Records from a dataset
--- START ---
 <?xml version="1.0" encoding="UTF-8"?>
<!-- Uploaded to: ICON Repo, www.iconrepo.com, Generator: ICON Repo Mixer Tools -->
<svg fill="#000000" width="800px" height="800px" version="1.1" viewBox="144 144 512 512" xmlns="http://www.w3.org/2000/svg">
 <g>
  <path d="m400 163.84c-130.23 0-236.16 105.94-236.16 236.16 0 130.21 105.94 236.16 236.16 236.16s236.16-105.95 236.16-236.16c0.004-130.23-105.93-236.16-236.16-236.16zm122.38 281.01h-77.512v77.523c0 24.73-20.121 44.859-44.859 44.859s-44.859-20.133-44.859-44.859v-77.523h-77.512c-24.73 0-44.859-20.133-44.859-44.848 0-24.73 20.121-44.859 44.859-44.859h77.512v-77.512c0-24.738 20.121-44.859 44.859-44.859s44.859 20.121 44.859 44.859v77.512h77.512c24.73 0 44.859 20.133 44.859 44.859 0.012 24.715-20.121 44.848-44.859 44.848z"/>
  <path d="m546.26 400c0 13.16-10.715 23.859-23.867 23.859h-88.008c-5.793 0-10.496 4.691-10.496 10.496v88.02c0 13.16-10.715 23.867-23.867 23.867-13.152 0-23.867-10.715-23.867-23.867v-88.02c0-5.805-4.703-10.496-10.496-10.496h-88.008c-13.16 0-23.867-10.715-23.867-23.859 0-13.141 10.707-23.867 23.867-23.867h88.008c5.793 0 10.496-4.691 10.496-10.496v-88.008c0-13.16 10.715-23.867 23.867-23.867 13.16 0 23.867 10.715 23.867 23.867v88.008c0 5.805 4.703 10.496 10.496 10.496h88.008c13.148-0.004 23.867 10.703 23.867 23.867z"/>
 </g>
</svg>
--- END ---
--- START ---
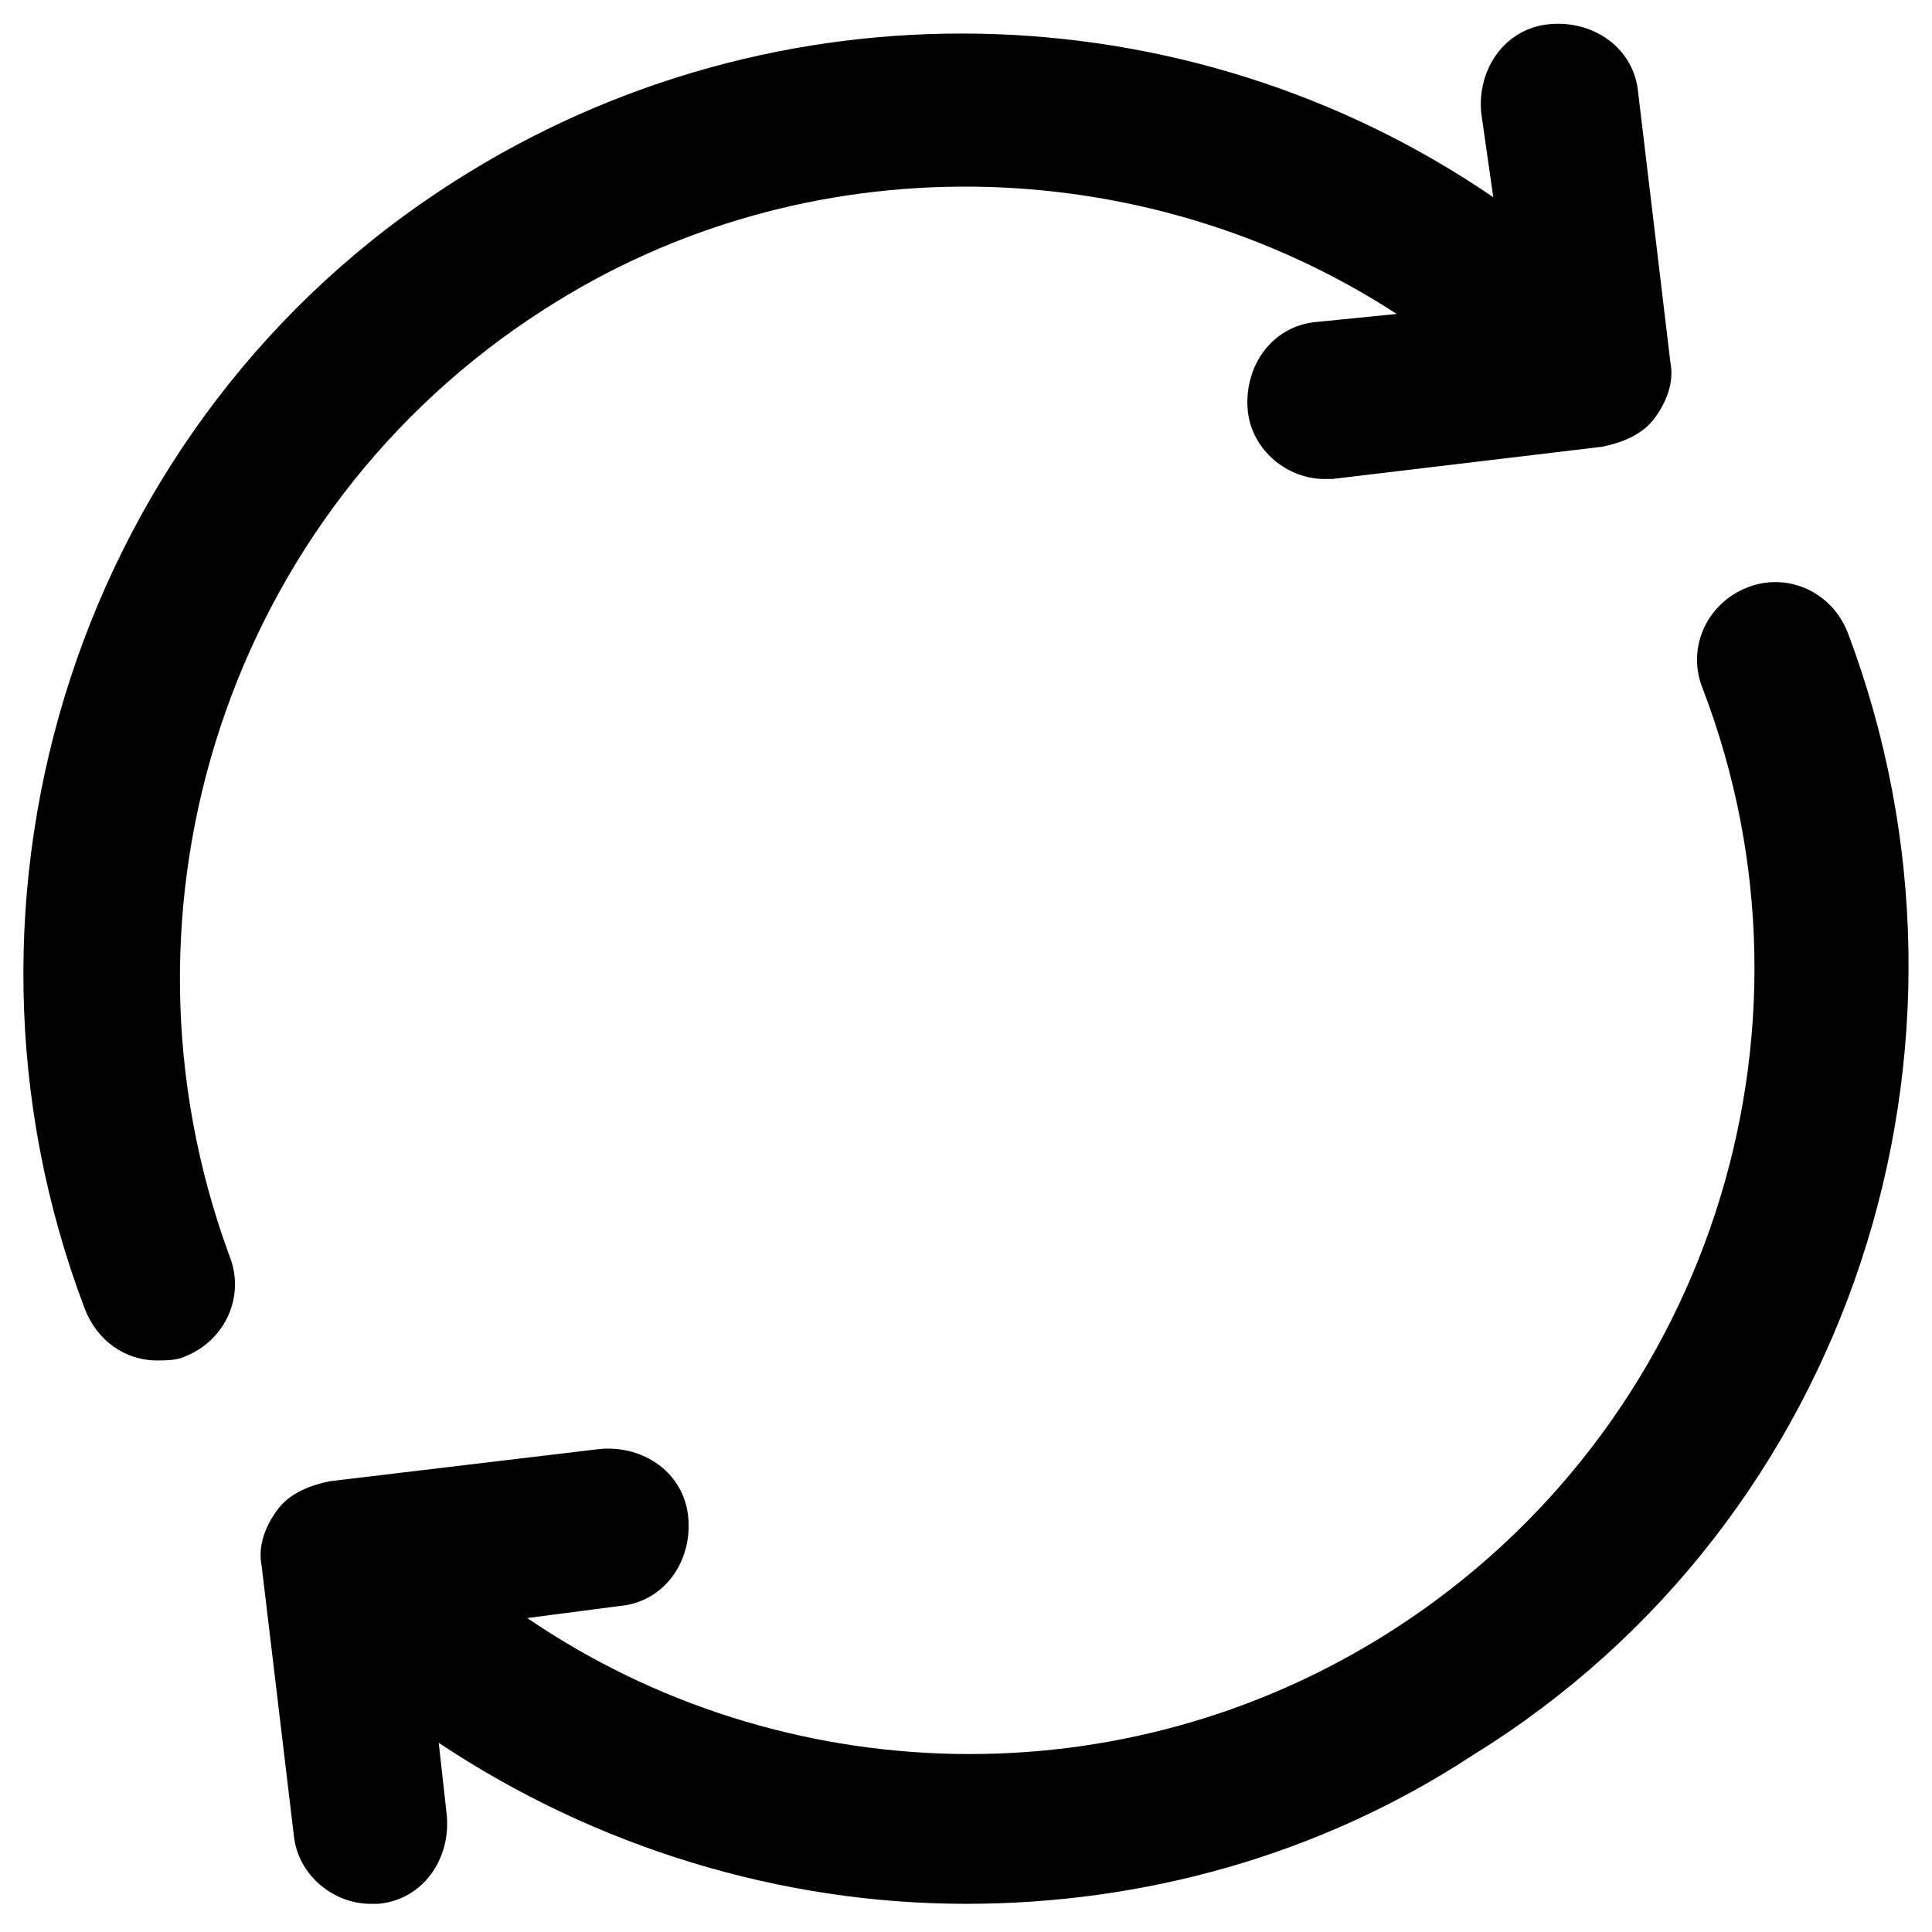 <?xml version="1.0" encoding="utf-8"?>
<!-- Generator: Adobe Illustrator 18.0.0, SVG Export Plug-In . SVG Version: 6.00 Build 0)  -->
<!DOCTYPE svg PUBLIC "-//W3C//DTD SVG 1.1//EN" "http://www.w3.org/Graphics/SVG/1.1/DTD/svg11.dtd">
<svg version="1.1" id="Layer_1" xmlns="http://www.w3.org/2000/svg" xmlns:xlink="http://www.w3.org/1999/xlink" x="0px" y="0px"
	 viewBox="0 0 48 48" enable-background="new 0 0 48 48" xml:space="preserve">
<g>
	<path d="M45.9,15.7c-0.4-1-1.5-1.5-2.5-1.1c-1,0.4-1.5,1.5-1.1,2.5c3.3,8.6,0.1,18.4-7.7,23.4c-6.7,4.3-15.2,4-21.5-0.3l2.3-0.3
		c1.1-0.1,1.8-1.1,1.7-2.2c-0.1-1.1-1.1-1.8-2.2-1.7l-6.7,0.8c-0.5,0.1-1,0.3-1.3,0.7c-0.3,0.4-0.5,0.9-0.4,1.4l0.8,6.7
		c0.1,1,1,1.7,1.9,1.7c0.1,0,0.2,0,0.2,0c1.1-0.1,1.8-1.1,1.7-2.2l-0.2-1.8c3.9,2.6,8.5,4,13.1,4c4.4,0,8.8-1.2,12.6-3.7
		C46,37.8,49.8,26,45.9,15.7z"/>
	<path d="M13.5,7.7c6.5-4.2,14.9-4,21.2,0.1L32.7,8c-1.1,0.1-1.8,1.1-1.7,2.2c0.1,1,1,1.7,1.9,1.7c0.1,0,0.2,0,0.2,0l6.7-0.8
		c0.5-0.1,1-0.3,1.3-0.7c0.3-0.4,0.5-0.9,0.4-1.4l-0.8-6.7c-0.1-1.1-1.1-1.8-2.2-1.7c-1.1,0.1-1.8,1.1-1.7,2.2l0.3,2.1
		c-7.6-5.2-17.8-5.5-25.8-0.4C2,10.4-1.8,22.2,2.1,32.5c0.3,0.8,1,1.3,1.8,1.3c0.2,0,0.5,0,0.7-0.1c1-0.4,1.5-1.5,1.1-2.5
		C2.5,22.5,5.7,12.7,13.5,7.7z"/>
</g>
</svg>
--- END ---
Check every line above for the word "Generator" and copy those that have it.

<!-- Uploaded to: ICON Repo, www.iconrepo.com, Generator: ICON Repo Mixer Tools -->
<!-- Generator: Adobe Illustrator 18.0.0, SVG Export Plug-In . SVG Version: 6.00 Build 0)  -->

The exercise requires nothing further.